[PROVIDED DATA — start]

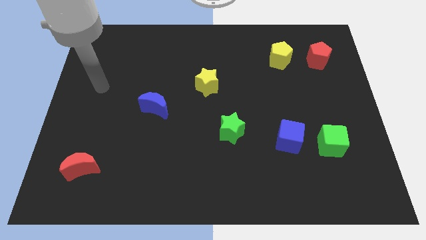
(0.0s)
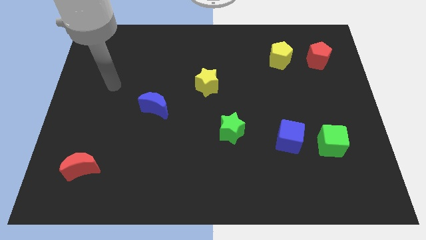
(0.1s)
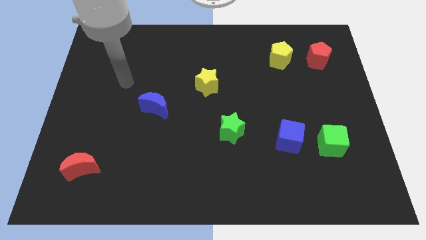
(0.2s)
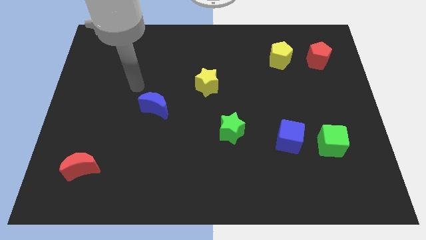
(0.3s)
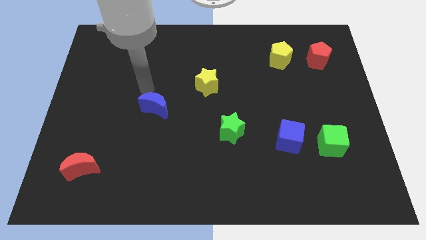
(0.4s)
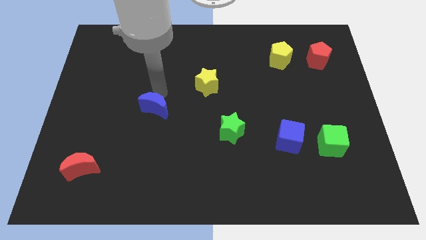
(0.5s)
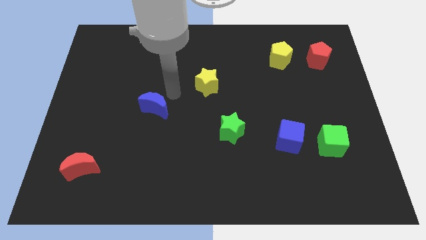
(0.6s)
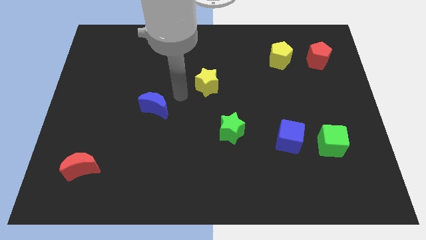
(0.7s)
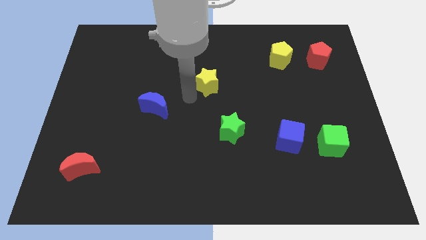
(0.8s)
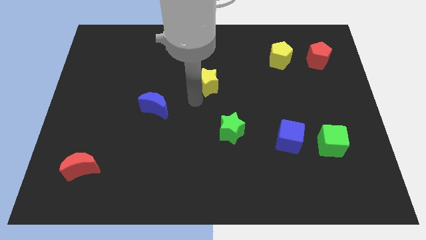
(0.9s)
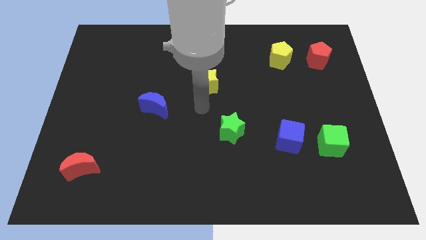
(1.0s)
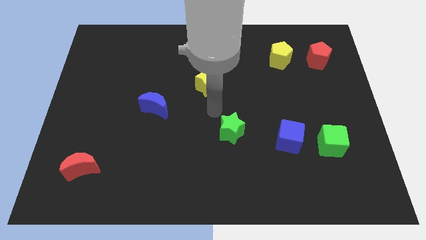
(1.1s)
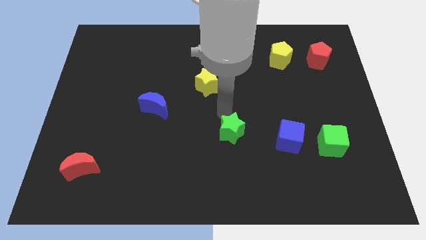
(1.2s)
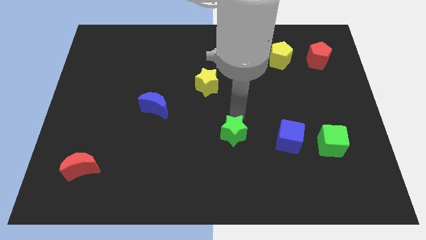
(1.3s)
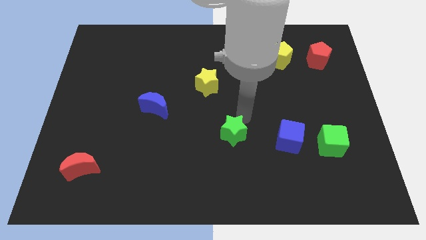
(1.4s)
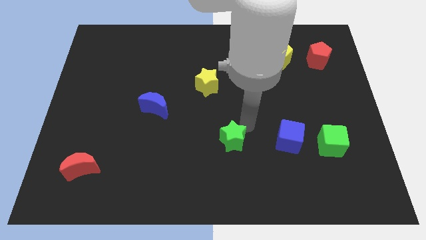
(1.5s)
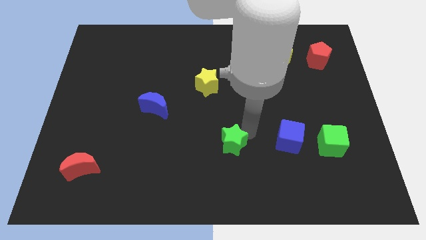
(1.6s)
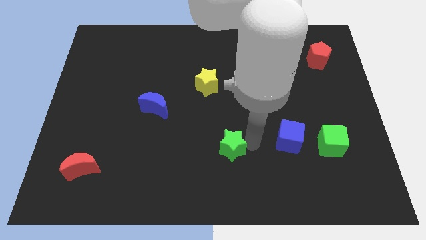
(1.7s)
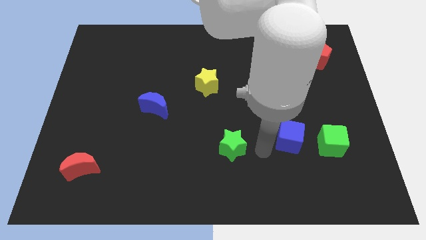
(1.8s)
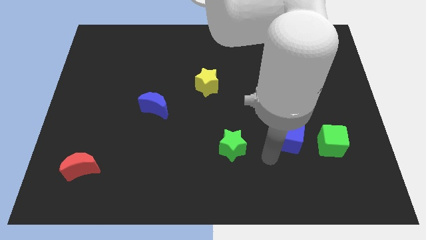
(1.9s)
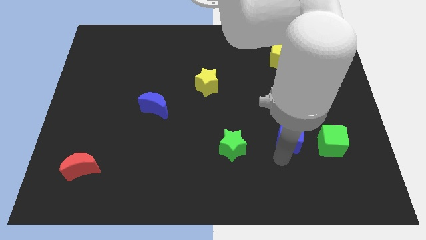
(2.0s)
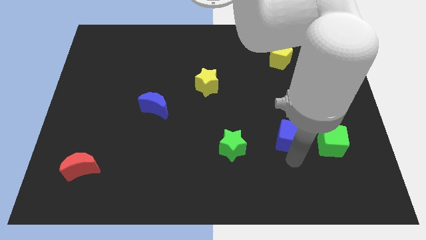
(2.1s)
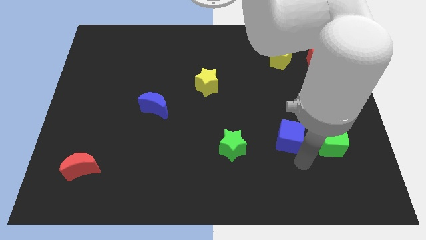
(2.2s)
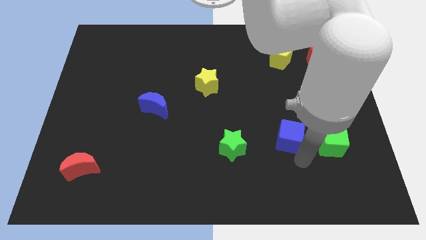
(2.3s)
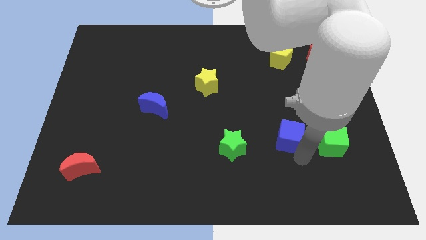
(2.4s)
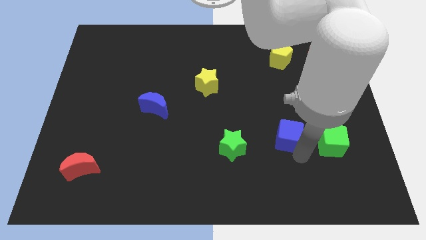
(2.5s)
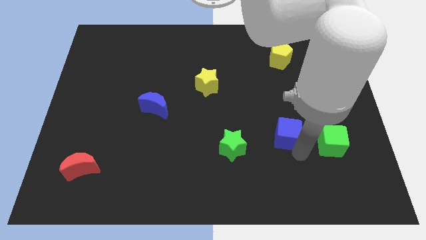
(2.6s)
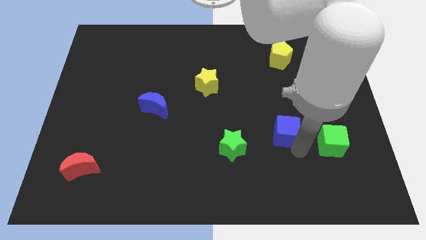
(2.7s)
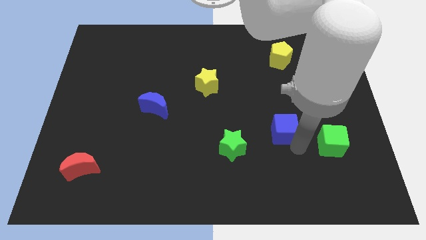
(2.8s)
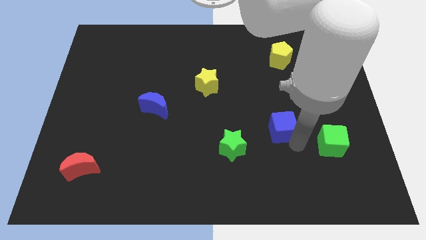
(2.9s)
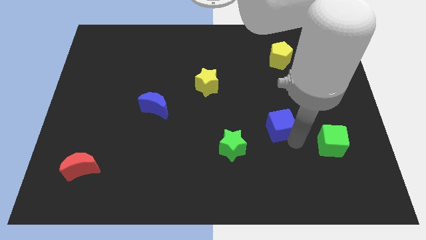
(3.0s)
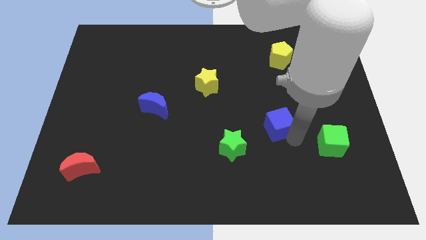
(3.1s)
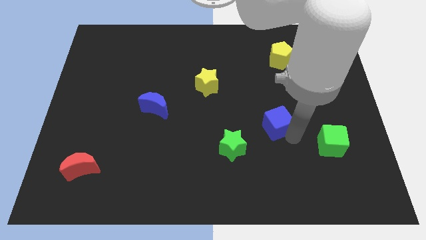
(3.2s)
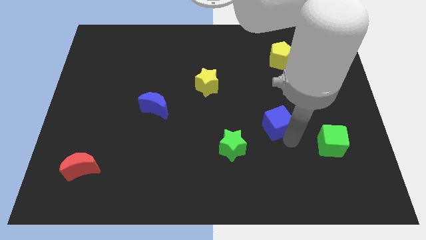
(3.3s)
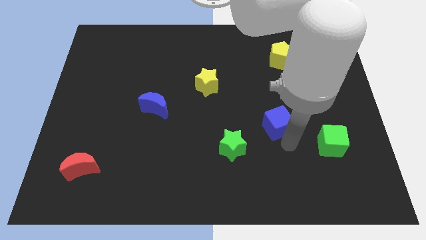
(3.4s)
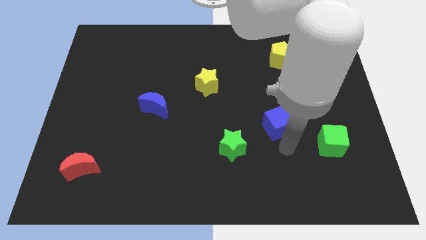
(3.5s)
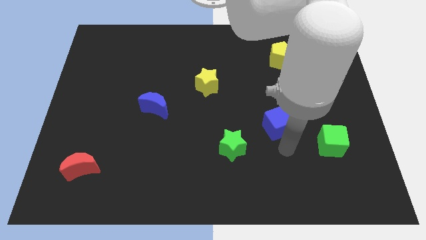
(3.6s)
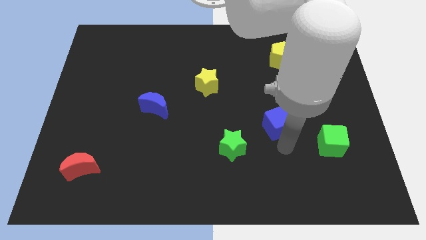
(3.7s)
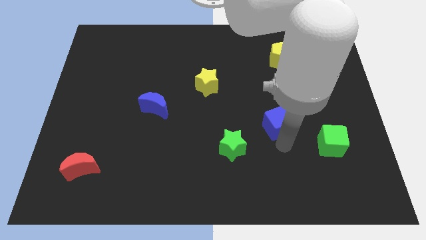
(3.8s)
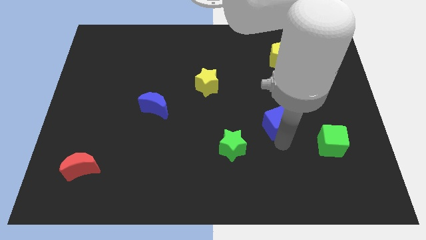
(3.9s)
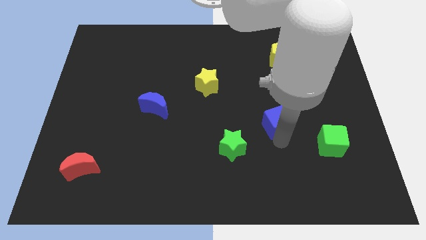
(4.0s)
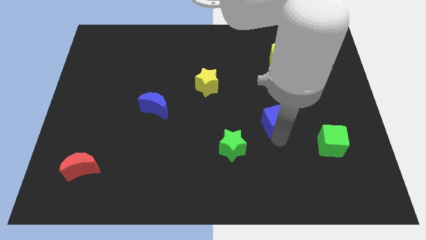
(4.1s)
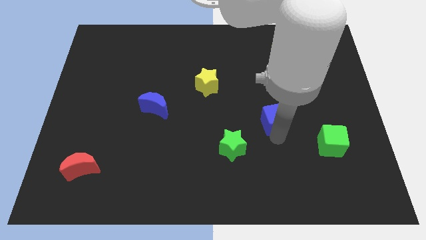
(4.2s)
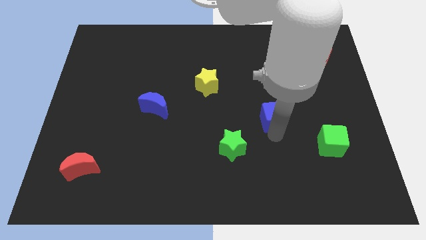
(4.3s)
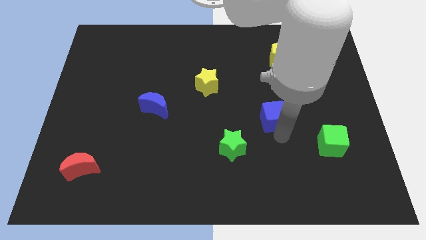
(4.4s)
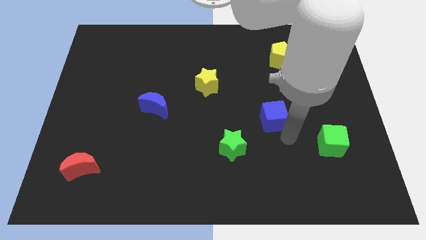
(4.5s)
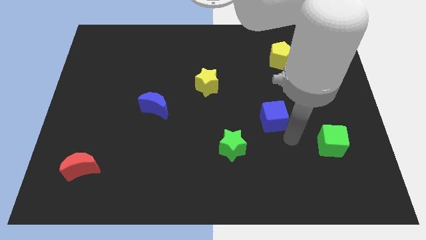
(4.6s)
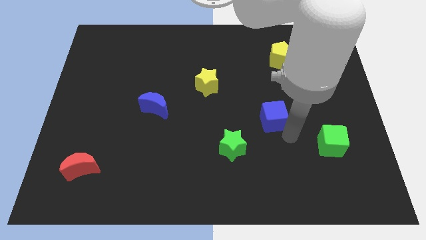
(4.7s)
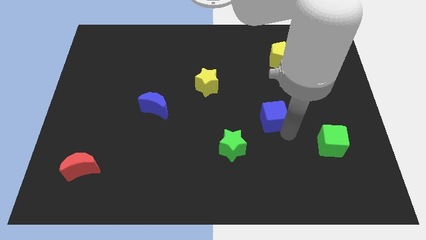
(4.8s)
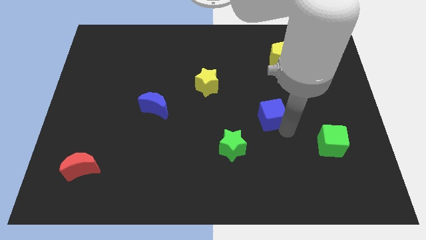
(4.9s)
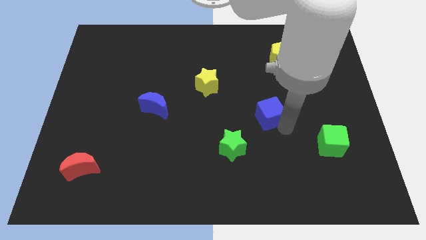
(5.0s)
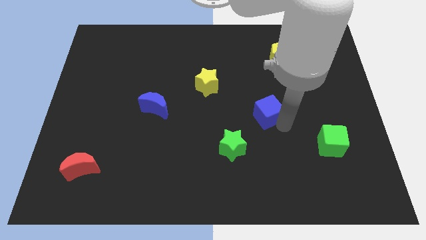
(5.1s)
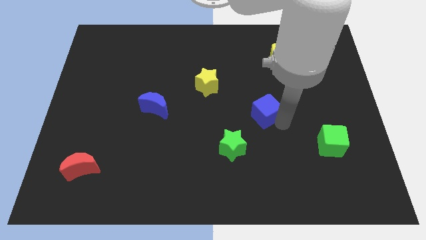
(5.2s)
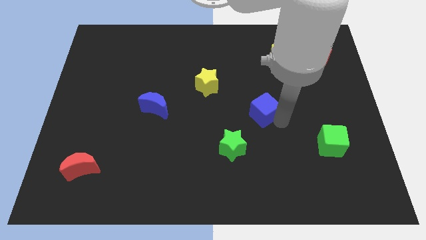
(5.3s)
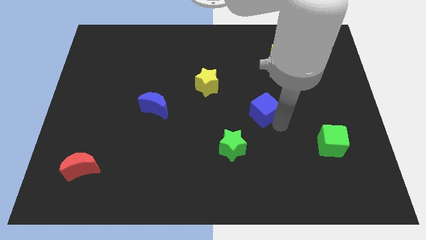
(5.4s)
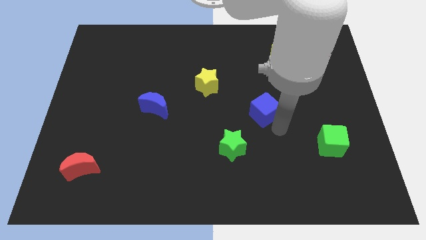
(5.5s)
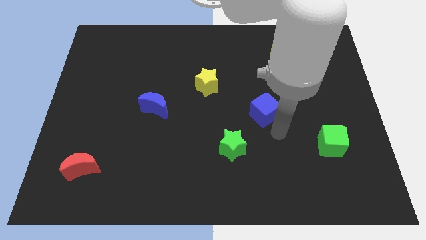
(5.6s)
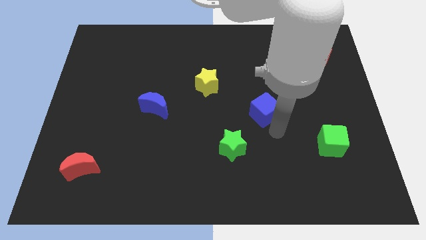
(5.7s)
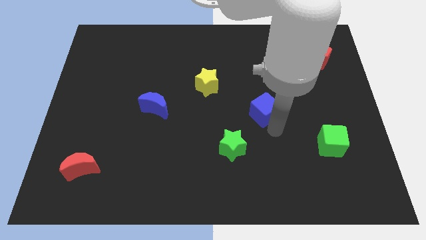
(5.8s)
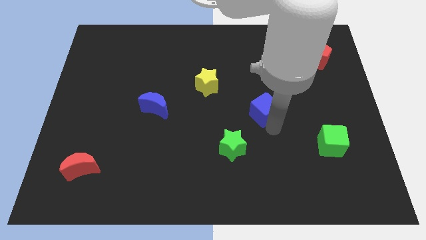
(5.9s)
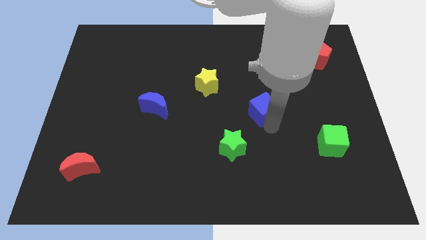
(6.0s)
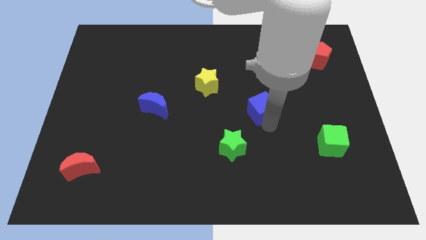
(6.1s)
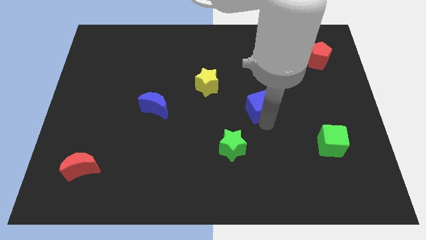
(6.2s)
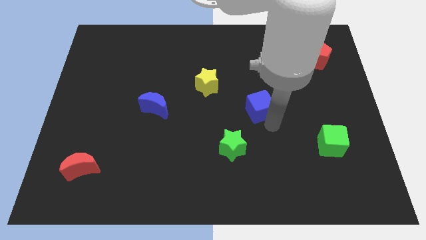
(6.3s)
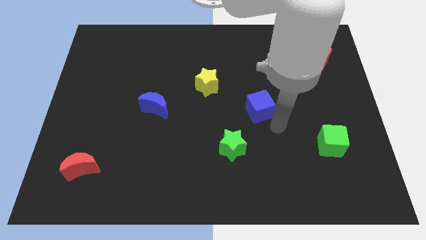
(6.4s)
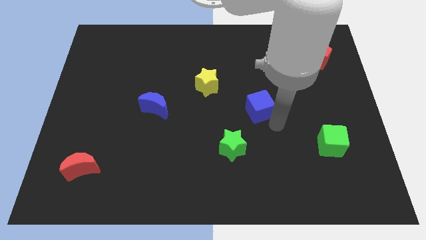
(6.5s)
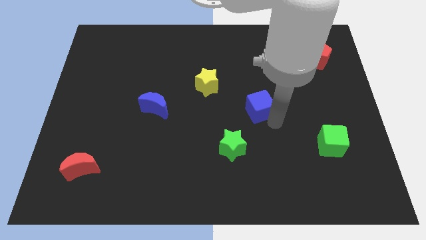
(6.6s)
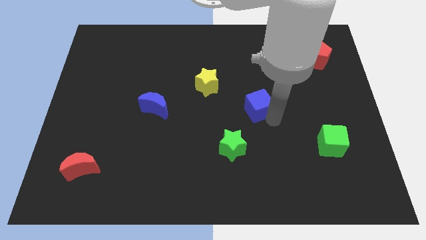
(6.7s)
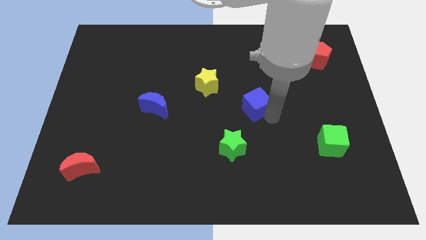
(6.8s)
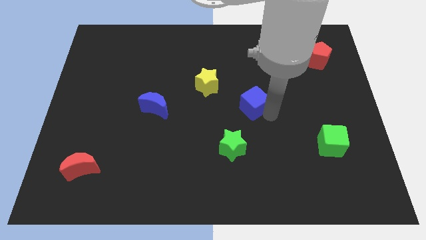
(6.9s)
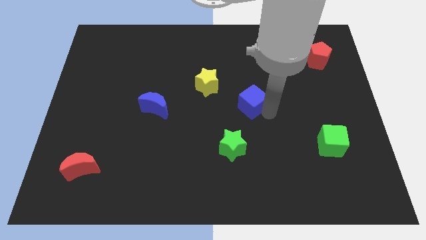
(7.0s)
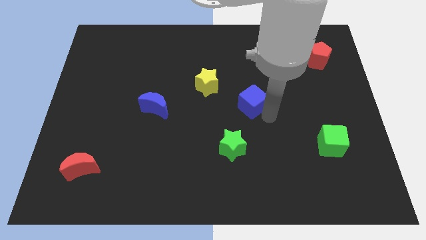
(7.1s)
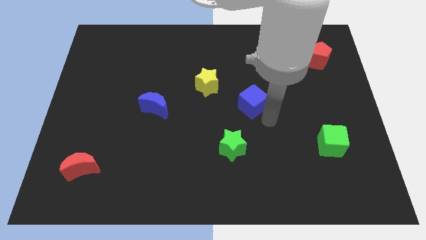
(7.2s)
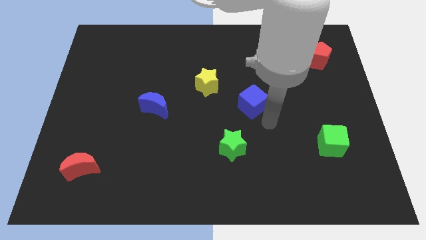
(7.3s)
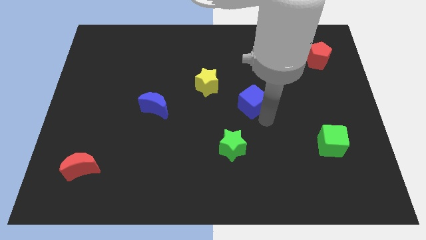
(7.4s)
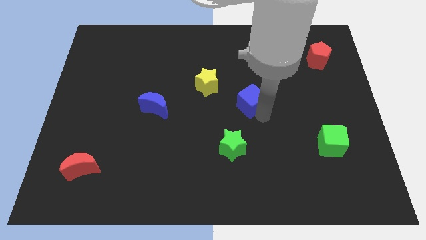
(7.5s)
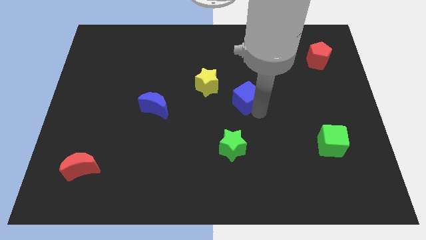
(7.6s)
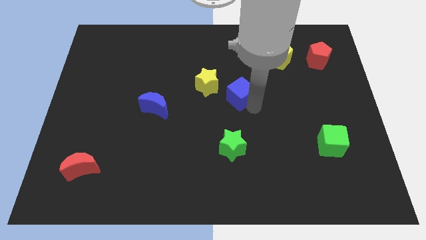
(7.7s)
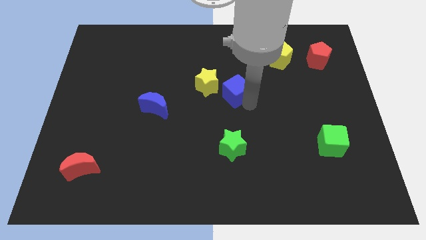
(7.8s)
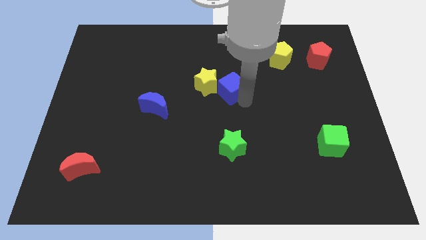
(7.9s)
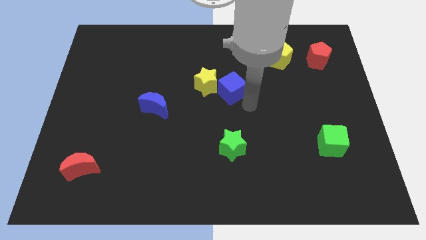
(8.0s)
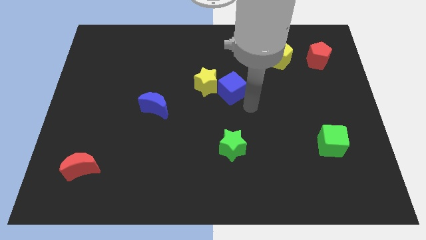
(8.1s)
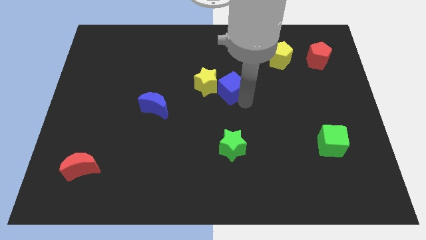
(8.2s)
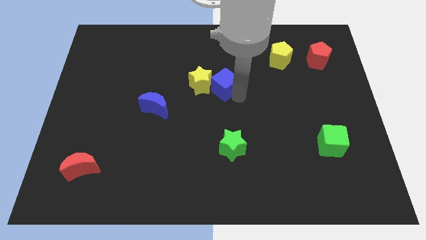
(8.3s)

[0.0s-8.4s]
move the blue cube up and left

[PROVIDED DATA — finish]

# WORK REQUEST
Please retype the data exactly, but do not carry over any picture.

# EXERCISE RESULT
(0.0s)
(0.1s)
(0.2s)
(0.3s)
(0.4s)
(0.5s)
(0.6s)
(0.7s)
(0.8s)
(0.9s)
(1.0s)
(1.1s)
(1.2s)
(1.3s)
(1.4s)
(1.5s)
(1.6s)
(1.7s)
(1.8s)
(1.9s)
(2.0s)
(2.1s)
(2.2s)
(2.3s)
(2.4s)
(2.5s)
(2.6s)
(2.7s)
(2.8s)
(2.9s)
(3.0s)
(3.1s)
(3.2s)
(3.3s)
(3.4s)
(3.5s)
(3.6s)
(3.7s)
(3.8s)
(3.9s)
(4.0s)
(4.1s)
(4.2s)
(4.3s)
(4.4s)
(4.5s)
(4.6s)
(4.7s)
(4.8s)
(4.9s)
(5.0s)
(5.1s)
(5.2s)
(5.3s)
(5.4s)
(5.5s)
(5.6s)
(5.7s)
(5.8s)
(5.9s)
(6.0s)
(6.1s)
(6.2s)
(6.3s)
(6.4s)
(6.5s)
(6.6s)
(6.7s)
(6.8s)
(6.9s)
(7.0s)
(7.1s)
(7.2s)
(7.3s)
(7.4s)
(7.5s)
(7.6s)
(7.7s)
(7.8s)
(7.9s)
(8.0s)
(8.1s)
(8.2s)
(8.3s)

[0.0s-8.4s]
move the blue cube up and left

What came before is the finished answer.